Problem description =
For the entries that follow, give the number of lines holding the string "highlights" and nothing more.

Record set =
━━━━━━━━━━━━━━━━━━━━━━━━━━━━━━

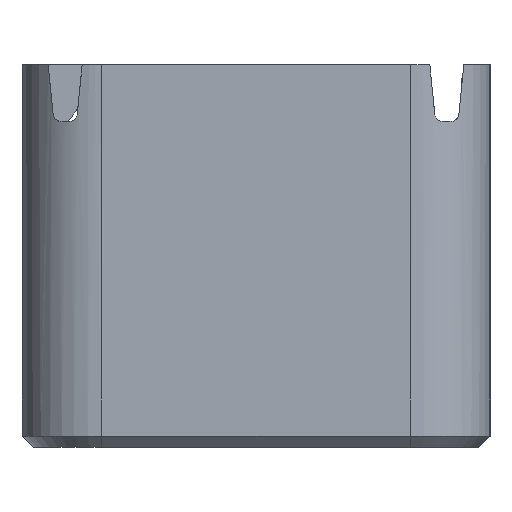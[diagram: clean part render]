
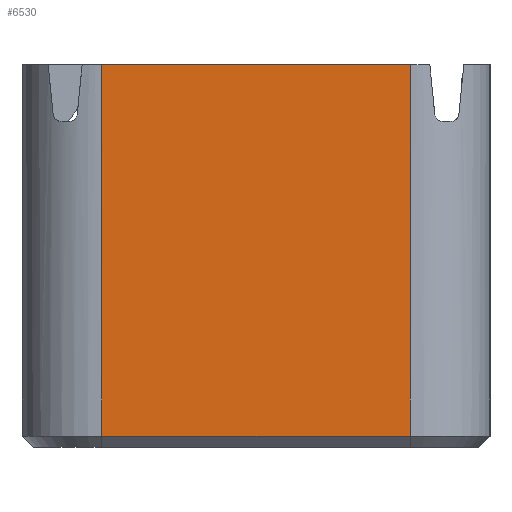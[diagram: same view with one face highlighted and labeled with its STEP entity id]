
A CAD part, left-side view. The second image highlights one B-rep face of the part: STEP entity #6530.
In plain terms, the highlighted planar face has unit normal (-1, 0, 0).
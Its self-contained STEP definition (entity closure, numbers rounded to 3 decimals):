
#100 = PLANE('',#101);
#101 = AXIS2_PLACEMENT_3D('',#102,#103,#104);
#102 = CARTESIAN_POINT('',(0.,0.,33.7));
#103 = DIRECTION('',(0.,0.,1.));
#104 = DIRECTION('',(1.,0.,0.));
#128 = CYLINDRICAL_SURFACE('',#129,7.);
#129 = AXIS2_PLACEMENT_3D('',#130,#131,#132);
#130 = CARTESIAN_POINT('',(7.,34.2,33.7));
#131 = DIRECTION('',(0.,0.,-1.));
#132 = DIRECTION('',(-1.,-0.,-0.));
#3488 = VERTEX_POINT('',#3489);
#3489 = CARTESIAN_POINT('',(0.,34.2,1.));
#3511 = EDGE_CURVE('',#3512,#3488,#3514,.T.);
#3512 = VERTEX_POINT('',#3513);
#3513 = CARTESIAN_POINT('',(0.,34.2,33.7));
#3514 = SURFACE_CURVE('',#3515,(#3519,#3526),.PCURVE_S1.);
#3515 = LINE('',#3516,#3517);
#3516 = CARTESIAN_POINT('',(0.,34.2,33.7));
#3517 = VECTOR('',#3518,1.);
#3518 = DIRECTION('',(0.,0.,-1.));
#3519 = PCURVE('',#128,#3520);
#3520 = DEFINITIONAL_REPRESENTATION('',(#3521),#3525);
#3521 = LINE('',#3522,#3523);
#3522 = CARTESIAN_POINT('',(0.,0.));
#3523 = VECTOR('',#3524,1.);
#3524 = DIRECTION('',(0.,1.));
#3525 = ( GEOMETRIC_REPRESENTATION_CONTEXT(2) 
PARAMETRIC_REPRESENTATION_CONTEXT() REPRESENTATION_CONTEXT('2D SPACE',''
  ) );
#3526 = PCURVE('',#3527,#3532);
#3527 = PLANE('',#3528);
#3528 = AXIS2_PLACEMENT_3D('',#3529,#3530,#3531);
#3529 = CARTESIAN_POINT('',(0.,0.,0.));
#3530 = DIRECTION('',(1.,0.,0.));
#3531 = DIRECTION('',(0.,0.,1.));
#3532 = DEFINITIONAL_REPRESENTATION('',(#3533),#3537);
#3533 = LINE('',#3534,#3535);
#3534 = CARTESIAN_POINT('',(33.7,-34.2));
#3535 = VECTOR('',#3536,1.);
#3536 = DIRECTION('',(-1.,0.));
#3537 = ( GEOMETRIC_REPRESENTATION_CONTEXT(2) 
PARAMETRIC_REPRESENTATION_CONTEXT() REPRESENTATION_CONTEXT('2D SPACE',''
  ) );
#4161 = EDGE_CURVE('',#3512,#4162,#4164,.T.);
#4162 = VERTEX_POINT('',#4163);
#4163 = CARTESIAN_POINT('',(0.,7.,33.7));
#4164 = SURFACE_CURVE('',#4165,(#4169,#4176),.PCURVE_S1.);
#4165 = LINE('',#4166,#4167);
#4166 = CARTESIAN_POINT('',(0.,41.2,33.7));
#4167 = VECTOR('',#4168,1.);
#4168 = DIRECTION('',(0.,-1.,0.));
#4169 = PCURVE('',#100,#4170);
#4170 = DEFINITIONAL_REPRESENTATION('',(#4171),#4175);
#4171 = LINE('',#4172,#4173);
#4172 = CARTESIAN_POINT('',(0.,41.2));
#4173 = VECTOR('',#4174,1.);
#4174 = DIRECTION('',(0.,-1.));
#4175 = ( GEOMETRIC_REPRESENTATION_CONTEXT(2) 
PARAMETRIC_REPRESENTATION_CONTEXT() REPRESENTATION_CONTEXT('2D SPACE',''
  ) );
#4176 = PCURVE('',#3527,#4177);
#4177 = DEFINITIONAL_REPRESENTATION('',(#4178),#4182);
#4178 = LINE('',#4179,#4180);
#4179 = CARTESIAN_POINT('',(33.7,-41.2));
#4180 = VECTOR('',#4181,1.);
#4181 = DIRECTION('',(0.,1.));
#4182 = ( GEOMETRIC_REPRESENTATION_CONTEXT(2) 
PARAMETRIC_REPRESENTATION_CONTEXT() REPRESENTATION_CONTEXT('2D SPACE',''
  ) );
#4199 = CYLINDRICAL_SURFACE('',#4200,7.);
#4200 = AXIS2_PLACEMENT_3D('',#4201,#4202,#4203);
#4201 = CARTESIAN_POINT('',(7.,7.,0.));
#4202 = DIRECTION('',(0.,0.,1.));
#4203 = DIRECTION('',(-1.,0.,0.));
#4546 = PLANE('',#4547);
#4547 = AXIS2_PLACEMENT_3D('',#4548,#4549,#4550);
#4548 = CARTESIAN_POINT('',(0.5,7.,0.5));
#4549 = DIRECTION('',(-0.707,0.,-0.707));
#4550 = DIRECTION('',(0.,1.,0.));
#6530 = ADVANCED_FACE('',(#6531),#3527,.F.);
#6531 = FACE_BOUND('',#6532,.F.);
#6532 = EDGE_LOOP('',(#6533,#6534,#6535,#6558));
#6533 = ORIENTED_EDGE('',*,*,#3511,.F.);
#6534 = ORIENTED_EDGE('',*,*,#4161,.T.);
#6535 = ORIENTED_EDGE('',*,*,#6536,.F.);
#6536 = EDGE_CURVE('',#6537,#4162,#6539,.T.);
#6537 = VERTEX_POINT('',#6538);
#6538 = CARTESIAN_POINT('',(0.,7.,1.));
#6539 = SURFACE_CURVE('',#6540,(#6544,#6551),.PCURVE_S1.);
#6540 = LINE('',#6541,#6542);
#6541 = CARTESIAN_POINT('',(0.,7.,0.));
#6542 = VECTOR('',#6543,1.);
#6543 = DIRECTION('',(0.,0.,1.));
#6544 = PCURVE('',#3527,#6545);
#6545 = DEFINITIONAL_REPRESENTATION('',(#6546),#6550);
#6546 = LINE('',#6547,#6548);
#6547 = CARTESIAN_POINT('',(0.,-7.));
#6548 = VECTOR('',#6549,1.);
#6549 = DIRECTION('',(1.,0.));
#6550 = ( GEOMETRIC_REPRESENTATION_CONTEXT(2) 
PARAMETRIC_REPRESENTATION_CONTEXT() REPRESENTATION_CONTEXT('2D SPACE',''
  ) );
#6551 = PCURVE('',#4199,#6552);
#6552 = DEFINITIONAL_REPRESENTATION('',(#6553),#6557);
#6553 = LINE('',#6554,#6555);
#6554 = CARTESIAN_POINT('',(0.,0.));
#6555 = VECTOR('',#6556,1.);
#6556 = DIRECTION('',(0.,1.));
#6557 = ( GEOMETRIC_REPRESENTATION_CONTEXT(2) 
PARAMETRIC_REPRESENTATION_CONTEXT() REPRESENTATION_CONTEXT('2D SPACE',''
  ) );
#6558 = ORIENTED_EDGE('',*,*,#6559,.T.);
#6559 = EDGE_CURVE('',#6537,#3488,#6560,.T.);
#6560 = SURFACE_CURVE('',#6561,(#6565,#6572),.PCURVE_S1.);
#6561 = LINE('',#6562,#6563);
#6562 = CARTESIAN_POINT('',(0.,7.,1.));
#6563 = VECTOR('',#6564,1.);
#6564 = DIRECTION('',(0.,1.,0.));
#6565 = PCURVE('',#3527,#6566);
#6566 = DEFINITIONAL_REPRESENTATION('',(#6567),#6571);
#6567 = LINE('',#6568,#6569);
#6568 = CARTESIAN_POINT('',(1.,-7.));
#6569 = VECTOR('',#6570,1.);
#6570 = DIRECTION('',(0.,-1.));
#6571 = ( GEOMETRIC_REPRESENTATION_CONTEXT(2) 
PARAMETRIC_REPRESENTATION_CONTEXT() REPRESENTATION_CONTEXT('2D SPACE',''
  ) );
#6572 = PCURVE('',#4546,#6573);
#6573 = DEFINITIONAL_REPRESENTATION('',(#6574),#6578);
#6574 = LINE('',#6575,#6576);
#6575 = CARTESIAN_POINT('',(0.,-0.707));
#6576 = VECTOR('',#6577,1.);
#6577 = DIRECTION('',(1.,0.));
#6578 = ( GEOMETRIC_REPRESENTATION_CONTEXT(2) 
PARAMETRIC_REPRESENTATION_CONTEXT() REPRESENTATION_CONTEXT('2D SPACE',''
  ) );
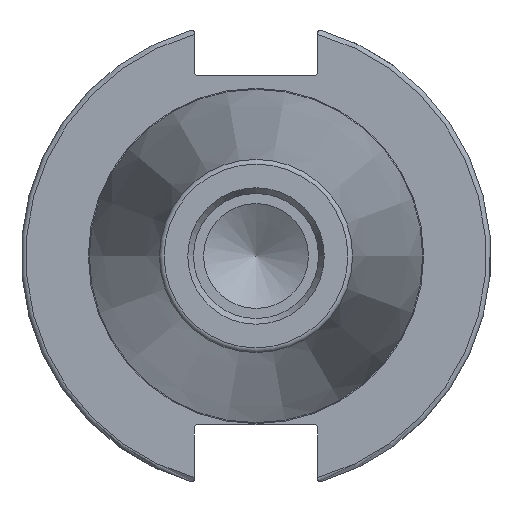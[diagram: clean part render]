
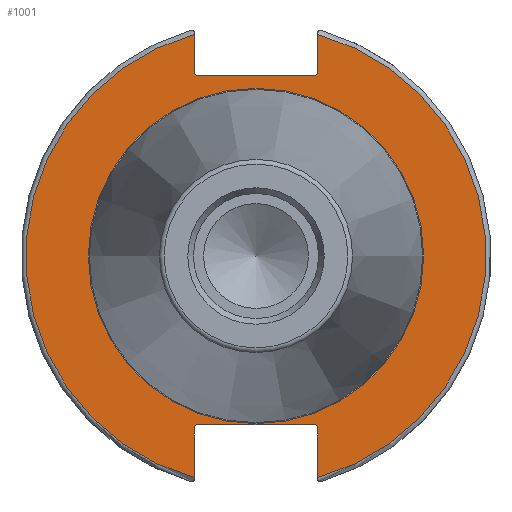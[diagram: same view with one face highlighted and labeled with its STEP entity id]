
A CAD part, left-side view. The second image highlights one B-rep face of the part: STEP entity #1001.
In plain terms, the highlighted planar face has unit normal (-1, 0, 0).
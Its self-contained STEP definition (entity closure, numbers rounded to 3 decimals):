
#59=FACE_BOUND('',#175,.T.);
#66=PLANE('',#1105);
#113=FACE_OUTER_BOUND('',#174,.T.);
#174=EDGE_LOOP('',(#720,#721,#722,#723,#724,#725,#726,#727,#728,#729,#730,
#731));
#175=EDGE_LOOP('',(#732));
#233=LINE('',#1542,#302);
#234=LINE('',#1544,#303);
#235=LINE('',#1546,#304);
#236=LINE('',#1548,#305);
#237=LINE('',#1550,#306);
#238=LINE('',#1554,#307);
#239=LINE('',#1556,#308);
#240=LINE('',#1558,#309);
#241=LINE('',#1560,#310);
#242=LINE('',#1561,#311);
#302=VECTOR('',#1262,10.);
#303=VECTOR('',#1263,10.);
#304=VECTOR('',#1264,10.);
#305=VECTOR('',#1265,10.);
#306=VECTOR('',#1266,10.);
#307=VECTOR('',#1269,10.);
#308=VECTOR('',#1270,10.);
#309=VECTOR('',#1271,10.);
#310=VECTOR('',#1272,10.);
#311=VECTOR('',#1273,10.);
#384=CIRCLE('',#1103,35.125);
#386=CIRCLE('',#1106,48.213);
#387=CIRCLE('',#1107,48.213);
#434=VERTEX_POINT('',#1533);
#435=VERTEX_POINT('',#1538);
#436=VERTEX_POINT('',#1539);
#437=VERTEX_POINT('',#1541);
#438=VERTEX_POINT('',#1543);
#439=VERTEX_POINT('',#1545);
#440=VERTEX_POINT('',#1547);
#441=VERTEX_POINT('',#1549);
#442=VERTEX_POINT('',#1551);
#443=VERTEX_POINT('',#1553);
#444=VERTEX_POINT('',#1555);
#445=VERTEX_POINT('',#1557);
#446=VERTEX_POINT('',#1559);
#543=EDGE_CURVE('',#434,#434,#384,.T.);
#545=EDGE_CURVE('',#435,#436,#386,.T.);
#546=EDGE_CURVE('',#435,#437,#233,.T.);
#547=EDGE_CURVE('',#438,#437,#234,.T.);
#548=EDGE_CURVE('',#438,#439,#235,.T.);
#549=EDGE_CURVE('',#440,#439,#236,.T.);
#550=EDGE_CURVE('',#440,#441,#237,.T.);
#551=EDGE_CURVE('',#442,#441,#387,.T.);
#552=EDGE_CURVE('',#442,#443,#238,.T.);
#553=EDGE_CURVE('',#444,#443,#239,.T.);
#554=EDGE_CURVE('',#444,#445,#240,.T.);
#555=EDGE_CURVE('',#446,#445,#241,.T.);
#556=EDGE_CURVE('',#446,#436,#242,.T.);
#720=ORIENTED_EDGE('',*,*,#545,.F.);
#721=ORIENTED_EDGE('',*,*,#546,.T.);
#722=ORIENTED_EDGE('',*,*,#547,.F.);
#723=ORIENTED_EDGE('',*,*,#548,.T.);
#724=ORIENTED_EDGE('',*,*,#549,.F.);
#725=ORIENTED_EDGE('',*,*,#550,.T.);
#726=ORIENTED_EDGE('',*,*,#551,.F.);
#727=ORIENTED_EDGE('',*,*,#552,.T.);
#728=ORIENTED_EDGE('',*,*,#553,.F.);
#729=ORIENTED_EDGE('',*,*,#554,.T.);
#730=ORIENTED_EDGE('',*,*,#555,.F.);
#731=ORIENTED_EDGE('',*,*,#556,.T.);
#732=ORIENTED_EDGE('',*,*,#543,.F.);
#1001=ADVANCED_FACE('',(#113,#59),#66,.T.);
#1103=AXIS2_PLACEMENT_3D('',#1535,#1254,#1255);
#1105=AXIS2_PLACEMENT_3D('',#1537,#1258,#1259);
#1106=AXIS2_PLACEMENT_3D('',#1540,#1260,#1261);
#1107=AXIS2_PLACEMENT_3D('',#1552,#1267,#1268);
#1254=DIRECTION('center_axis',(-1.,0.,0.));
#1255=DIRECTION('ref_axis',(0.,-1.,0.));
#1258=DIRECTION('center_axis',(-1.,0.,0.));
#1259=DIRECTION('ref_axis',(0.,0.,1.));
#1260=DIRECTION('center_axis',(1.,0.,0.));
#1261=DIRECTION('ref_axis',(0.,-1.,0.));
#1262=DIRECTION('',(0.,0.,-1.));
#1263=DIRECTION('',(0.,-0.707,0.707));
#1264=DIRECTION('',(0.,1.,0.));
#1265=DIRECTION('',(0.,-0.707,-0.707));
#1266=DIRECTION('',(0.,0.,1.));
#1267=DIRECTION('center_axis',(1.,0.,0.));
#1268=DIRECTION('ref_axis',(0.,1.,0.));
#1269=DIRECTION('',(0.,0.,1.));
#1270=DIRECTION('',(0.,0.707,-0.707));
#1271=DIRECTION('',(0.,-1.,0.));
#1272=DIRECTION('',(0.,0.707,0.707));
#1273=DIRECTION('',(0.,0.,-1.));
#1533=CARTESIAN_POINT('',(3.175,0.,35.125));
#1535=CARTESIAN_POINT('Origin',(3.175,0.,0.));
#1537=CARTESIAN_POINT('Origin',(3.175,49.213,0.));
#1538=CARTESIAN_POINT('',(3.175,-12.95,46.441));
#1539=CARTESIAN_POINT('',(3.175,-12.95,-46.441));
#1540=CARTESIAN_POINT('Origin',(3.175,0.,0.));
#1541=CARTESIAN_POINT('',(3.175,-12.95,38.219));
#1542=CARTESIAN_POINT('',(3.175,-12.95,18.86));
#1543=CARTESIAN_POINT('',(3.175,-12.45,37.719));
#1544=CARTESIAN_POINT('',(3.175,12.27,12.999));
#1545=CARTESIAN_POINT('',(3.175,12.45,37.719));
#1546=CARTESIAN_POINT('',(3.175,24.606,37.719));
#1547=CARTESIAN_POINT('',(3.175,12.95,38.219));
#1548=CARTESIAN_POINT('',(3.175,12.336,37.605));
#1549=CARTESIAN_POINT('',(3.175,12.95,46.441));
#1550=CARTESIAN_POINT('',(3.175,12.95,18.86));
#1551=CARTESIAN_POINT('',(3.175,12.95,-46.441));
#1552=CARTESIAN_POINT('Origin',(3.175,0.,0.));
#1553=CARTESIAN_POINT('',(3.175,12.95,-35.806));
#1554=CARTESIAN_POINT('',(3.175,12.95,-17.653));
#1555=CARTESIAN_POINT('',(3.175,12.45,-35.306));
#1556=CARTESIAN_POINT('',(3.175,12.939,-35.795));
#1557=CARTESIAN_POINT('',(3.175,-12.45,-35.306));
#1558=CARTESIAN_POINT('',(3.175,24.606,-35.306));
#1559=CARTESIAN_POINT('',(3.175,-12.95,-35.806));
#1560=CARTESIAN_POINT('',(3.175,11.667,-11.189));
#1561=CARTESIAN_POINT('',(3.175,-12.95,-17.653));

━━━━━━━━━━━━━━━━━━━━━━━━━━━━━━

Answer below =
2